Homework #7 Sample Solution
Note: The book uses the greater-than and less-than symbols to show production groupings, but since I am authoring this page in HTML, such symbols are particularly difficult and tedious to render. So instead, I will be using square braces (thats '[' and ']') to show production groupings. Sorry for any confusion this might cause. Also, remember that when reading production rules, if you see a symbol in quotes, such as '{' or 'ShapeInstance', that means that it should appear as stated verbatim in the file. If, however, you see certain symbols not in quotes, such as { or ShapeInstance, it represents part of the definition of the production rule. To help avoid confusion, I will italicize production rule syntax, and bold verbatim strings.

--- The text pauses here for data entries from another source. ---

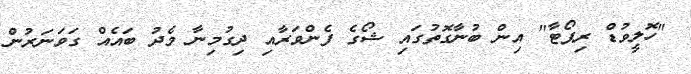
"ހޮލީވުޑް ރިޕޯޓާ" އިން ބުނާގޮތުގައި ޝޯގެ ފެންވަރާއި ދިގުމިނާ މެދު ބައެއް ގަވަނަރުން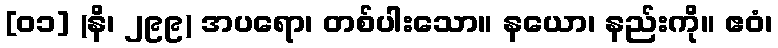
[၀၁] (နိ၊ ၂၉၉) အပရော၊ တစ်ပါးသော။ နယော၊ နည်းကို။ ဧဝံ၊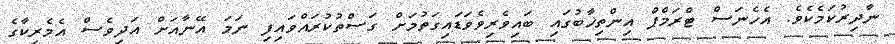
ނާދިރުކަމެކެވެ. އެހެނަސް ޓްރަމްޕް އިންތިޚާބުގައި ބައިވެރިވެވަޑައިގަތުމަށް ގަސްތުކުރައްވައިފި ނަމަ އޭނާއަށް އަދިވެސް އެމެރިކާގެ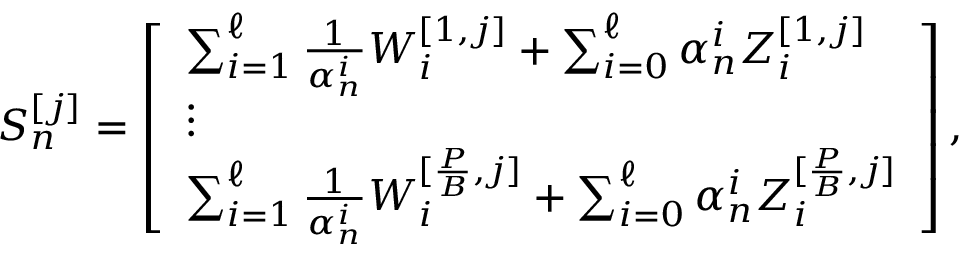
\begin{array} { r } { S _ { n } ^ { [ j ] } = \left[ \begin{array} { l } { \sum _ { i = 1 } ^ { \ell } \frac { 1 } { \alpha _ { n } ^ { i } } W _ { i } ^ { [ 1 , j ] } + \sum _ { i = 0 } ^ { \ell } \alpha _ { n } ^ { i } Z _ { i } ^ { [ 1 , j ] } } \\ { \vdots } \\ { \sum _ { i = 1 } ^ { \ell } \frac { 1 } { \alpha _ { n } ^ { i } } W _ { i } ^ { [ \frac { P } { B } , j ] } + \sum _ { i = 0 } ^ { \ell } \alpha _ { n } ^ { i } Z _ { i } ^ { [ \frac { P } { B } , j ] } } \end{array} \right] , } \end{array}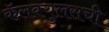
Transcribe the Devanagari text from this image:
कॅलक्युलसची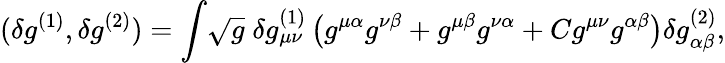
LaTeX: (\delta g^{(1)},\delta g^{(2)})=\int\! \sqrt{g}\; \delta g_{\mu\nu}^{(1)}\left(g^{\mu\alpha}g^{\nu\beta}+g^{\mu\beta}g^{\nu\alpha}+Cg^{\mu\nu}g^{\alpha\beta}\right)\delta g_{\alpha\beta}^{(2)},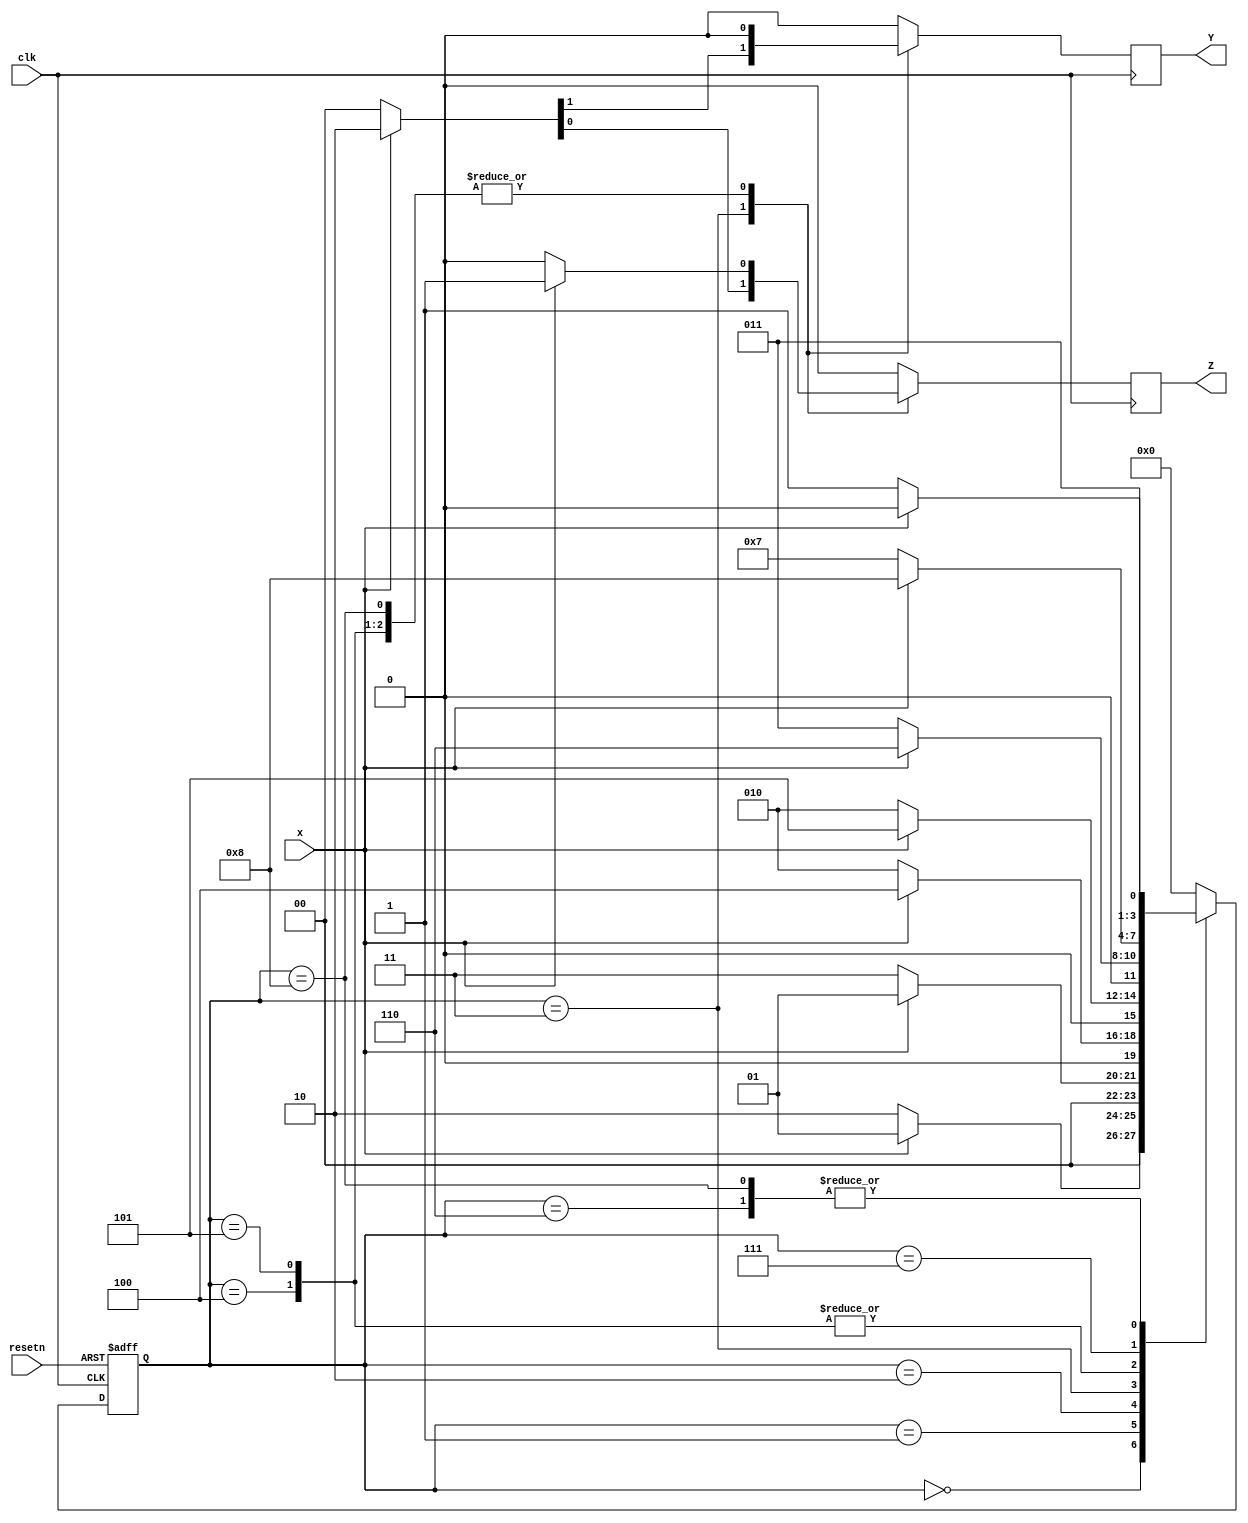
module sequence_detector(
	input x,
	input clk,
	input resetn,
	output reg Y,
	output reg Z
);

	parameter [3:0]s0 = 0, s1 = 1, s2 = 2, s3 = 3, s4 = 4, s5 = 5, s6 = 6, s7 = 7, s8 = 8;
	
	reg [3:0]present_state, next_state;
	reg y, z;
	
	// State Transition
	always @(negedge clk or negedge resetn)
	if(~resetn)
		present_state <= s0;
	else
		present_state <= next_state;
		
	// Registered output	
	always @(negedge clk)
		begin
			Y <= y;
			Z <= z;
		end
		
		
		
	// Next State Decoder
	always @(present_state, x)
		case(present_state)
			s0 : if(x == 0) begin next_state = s2; {y, z} = 2'b00; end else begin next_state = s1; {y, z} = 2'b00; end
			s1 : if(x == 0) begin next_state = s3; {y, z} = 2'b00; end else begin next_state = s1; {y, z} = 2'b00; end
			s2 : if(x == 0) begin next_state = s2; {y, z} = 2'b00; end else begin next_state = s4; {y, z} = 2'b00; end
			s3 : if(x == 0) begin next_state = s2; {y, z} = 2'b00; end else begin next_state = s5; {y, z} = 2'b10; end
			s4 : if(x == 0) begin next_state = s3; {y, z} = 2'b00; end else begin next_state = s6; {y, z} = 2'b01; end
			s5 : if(x == 0) begin next_state = s3; {y, z} = 2'b00; end else begin next_state = s6; {y, z} = 2'b01; end
			s6 : if(x == 0) begin next_state = s7; {y, z} = 2'b00; end else begin next_state = s6; {y, z} = 2'b00; end
			s7 : if(x == 0) begin next_state = s7; {y, z} = 2'b00; end else begin next_state = s8; {y, z} = 2'b00; end
			s8 : if(x == 0) begin next_state = s7; {y, z} = 2'b00; end else begin next_state = s6; {y, z} = 2'b01; end
			default : begin next_state = s0; {y, z} = 2'b00; end
		endcase
		
endmodule

12.1a: Defining two file types
To discover what file types I'll need in the system, I should ask myself: "What data needs to be persistent?" That is, what should my program remember between the time when it is quit at the end of a session and the time that it is started up to begin the next session? One set of persistent data is clearly the diagram itself; users will want to save their work, possibly even transport it around to different computers. The other set of persistent data is a little less obvious: we are asked to maintain these libraries of shapes, and presumably several diagrams might use a single library. If that happens, then it seems that a library shouldn't live inside the same file as the diagram, because then we would either have (a) some diagram files that rely on others to provide the library that they need in order to be rendered, or (b) each diagram has its own copy of a library, thus creating the possibility of redundant, inconsistently maintained copies of a single library. My guess, then, is that libraries should become their own file type.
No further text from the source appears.